What Is Data Science? - The Current Landscape

So, what is data science? Is it new, or is it just statistics or analytics rebranded? Is it real, or is it pure hype? And if it’s new and if it’s real, what does that mean?

This is an ongoing discussion, but one way to understand what’s going on in this industry is to look online and see what current discussions are taking place. This doesn’t necessarily tell us what data science is, but it at least tells us what other people think it is, or how they’re perceiving it. For example, on Quora there’s a discussion from 2010 about “What is Data Science?” and here’s Metamarket CEO Mike Driscoll’s answer:

Data science, as it’s practiced, is a blend of Red-Bull-fueled hacking and espresso-inspired statistics.
But data science is not merely hacking—because when hackers finish debugging their Bash one-liners and Pig scripts, few of them care about non-Euclidean distance metrics.
And data science is not merely statistics, because when statisticians finish theorizing the perfect model, few could read a tab-delimited file into R if their job depended on it.
Data science is the civil engineering of data. Its acolytes possess a practical knowledge of tools and materials, coupled with a theoretical understanding of what’s possible.

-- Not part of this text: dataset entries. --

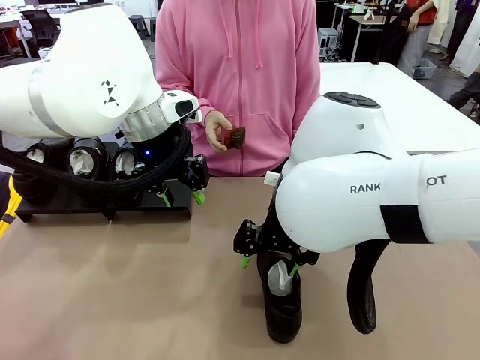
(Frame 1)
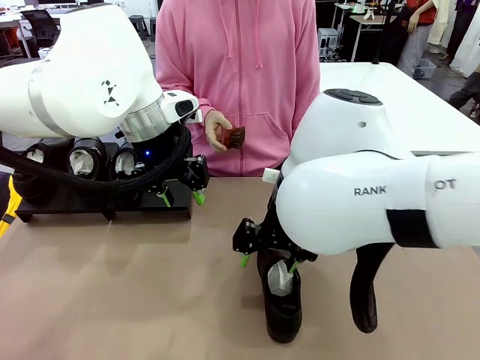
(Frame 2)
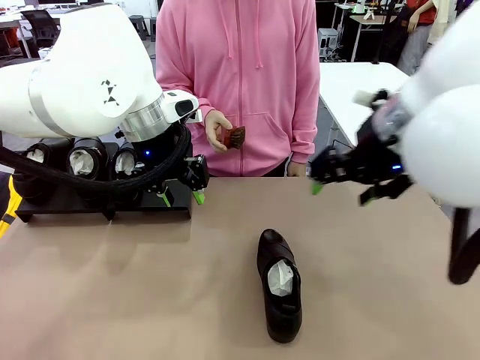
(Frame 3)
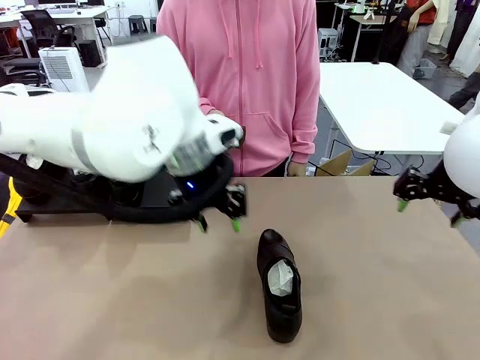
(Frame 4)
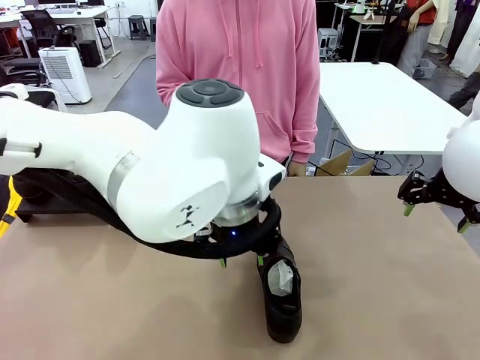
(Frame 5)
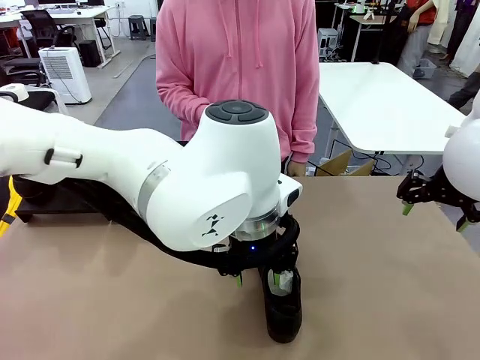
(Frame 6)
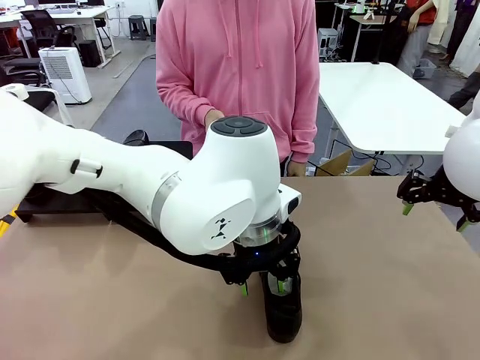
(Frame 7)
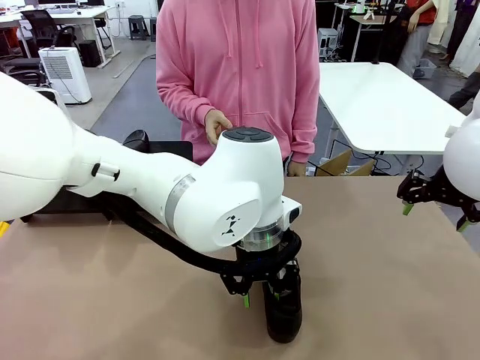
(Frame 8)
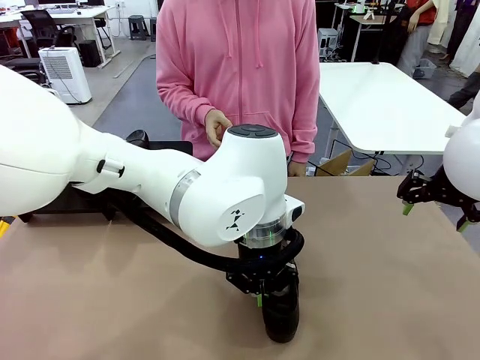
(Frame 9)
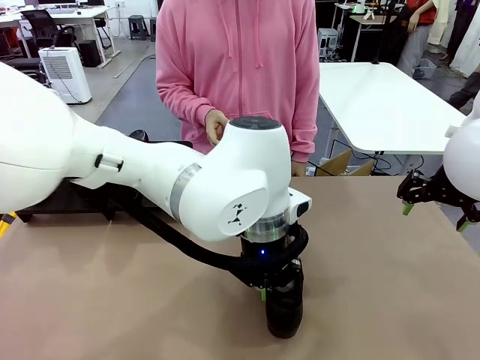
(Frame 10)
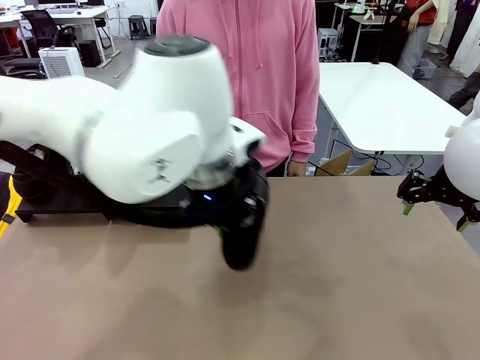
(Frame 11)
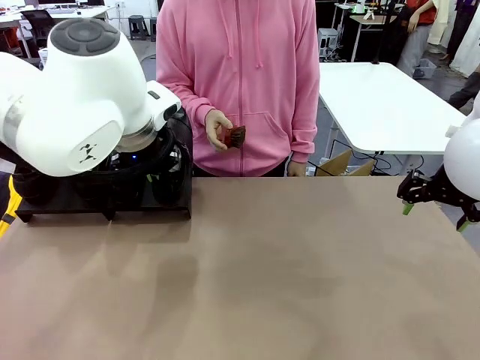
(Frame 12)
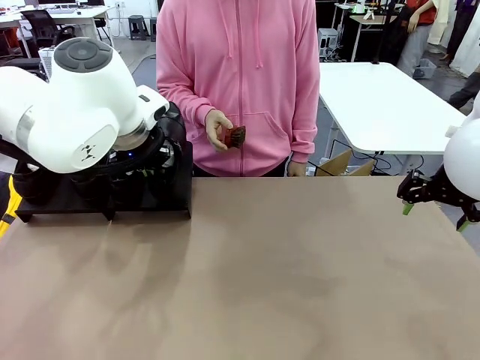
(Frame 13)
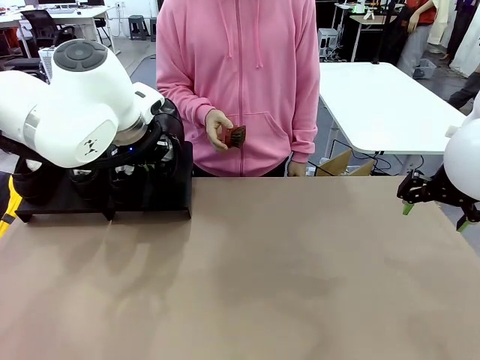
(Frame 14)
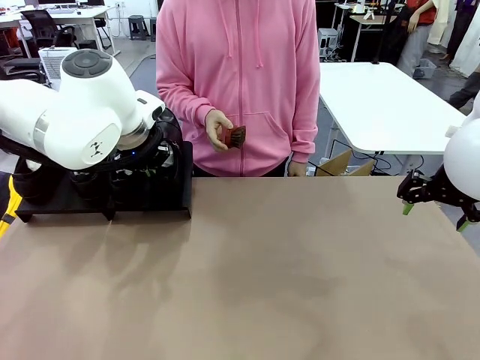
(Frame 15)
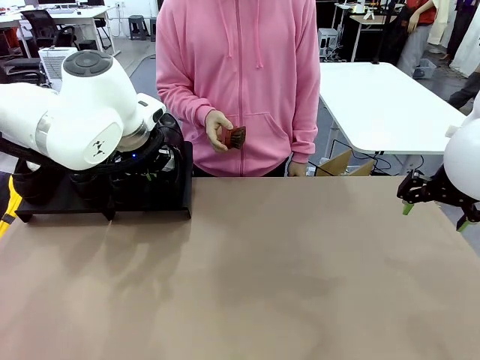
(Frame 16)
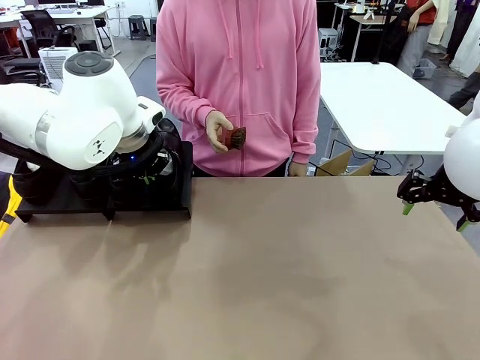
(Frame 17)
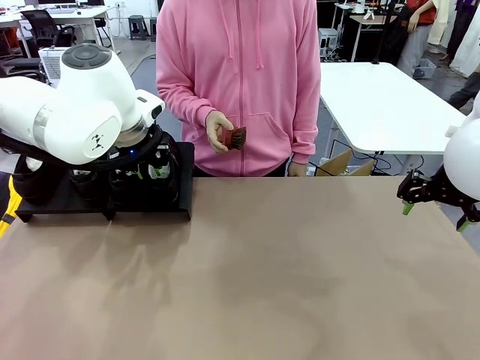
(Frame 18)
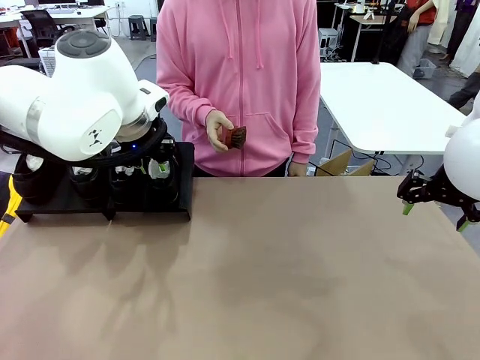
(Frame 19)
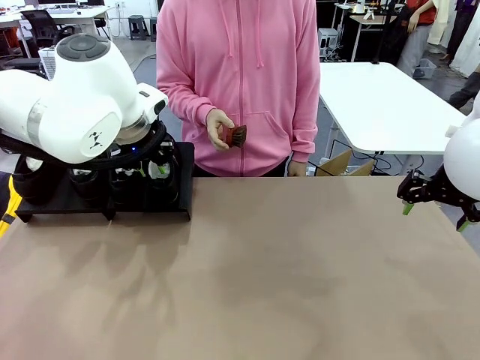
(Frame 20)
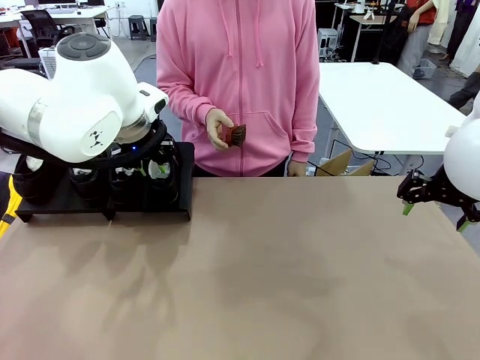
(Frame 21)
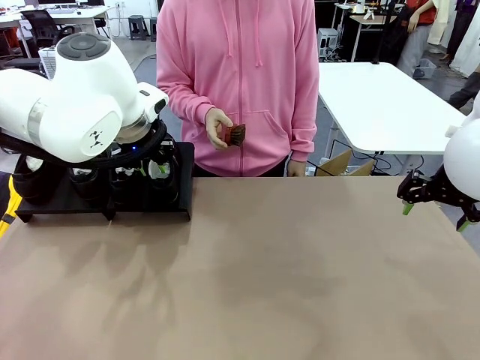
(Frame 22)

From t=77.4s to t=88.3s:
Task: Organize the shoes by placing them on the stand.
Robot: Place the Shoe from the middle of the table onto the Shoes Stand.

Driscoll then refers to Drew Conway’s Venn diagram of data science from 2010, shown in Figure 1-1.

venn-diagram-of-data-science.png

He also mentions the sexy skills of data geeks from Nathan Yau’s 2009 post, “Rise of the Data Scientist”, which include:

  • Statistics (traditional analysis you’re used to thinking about)
  • Data munging (parsing, scraping, and formatting data)
  • Visualization (graphs, tools, etc.)

But wait, is data science just a bag of tricks? Or is it the logical extension of other fields like statistics and machine learning?

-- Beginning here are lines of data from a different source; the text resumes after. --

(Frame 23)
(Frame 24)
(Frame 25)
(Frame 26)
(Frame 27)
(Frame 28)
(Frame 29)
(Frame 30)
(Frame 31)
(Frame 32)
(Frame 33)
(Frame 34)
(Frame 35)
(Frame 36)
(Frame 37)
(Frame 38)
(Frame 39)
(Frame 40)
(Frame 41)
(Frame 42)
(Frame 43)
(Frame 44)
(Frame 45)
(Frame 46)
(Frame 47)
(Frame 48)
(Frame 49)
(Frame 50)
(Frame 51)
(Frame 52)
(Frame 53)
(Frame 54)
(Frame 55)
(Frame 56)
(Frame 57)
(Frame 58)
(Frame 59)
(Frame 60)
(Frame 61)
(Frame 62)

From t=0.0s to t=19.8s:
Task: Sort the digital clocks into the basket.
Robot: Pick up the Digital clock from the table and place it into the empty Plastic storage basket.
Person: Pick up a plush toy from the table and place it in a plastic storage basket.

For one argument, see Cosma Shalizi’s posts here and here, and Cathy’s posts here and here, which constitute an ongoing discussion of the difference between a statistician and a data scientist. Cosma basically argues that any statistics department worth its salt does all the stuff in the descriptions of data science that he sees, and therefore data science is just a rebranding and unwelcome takeover of statistics.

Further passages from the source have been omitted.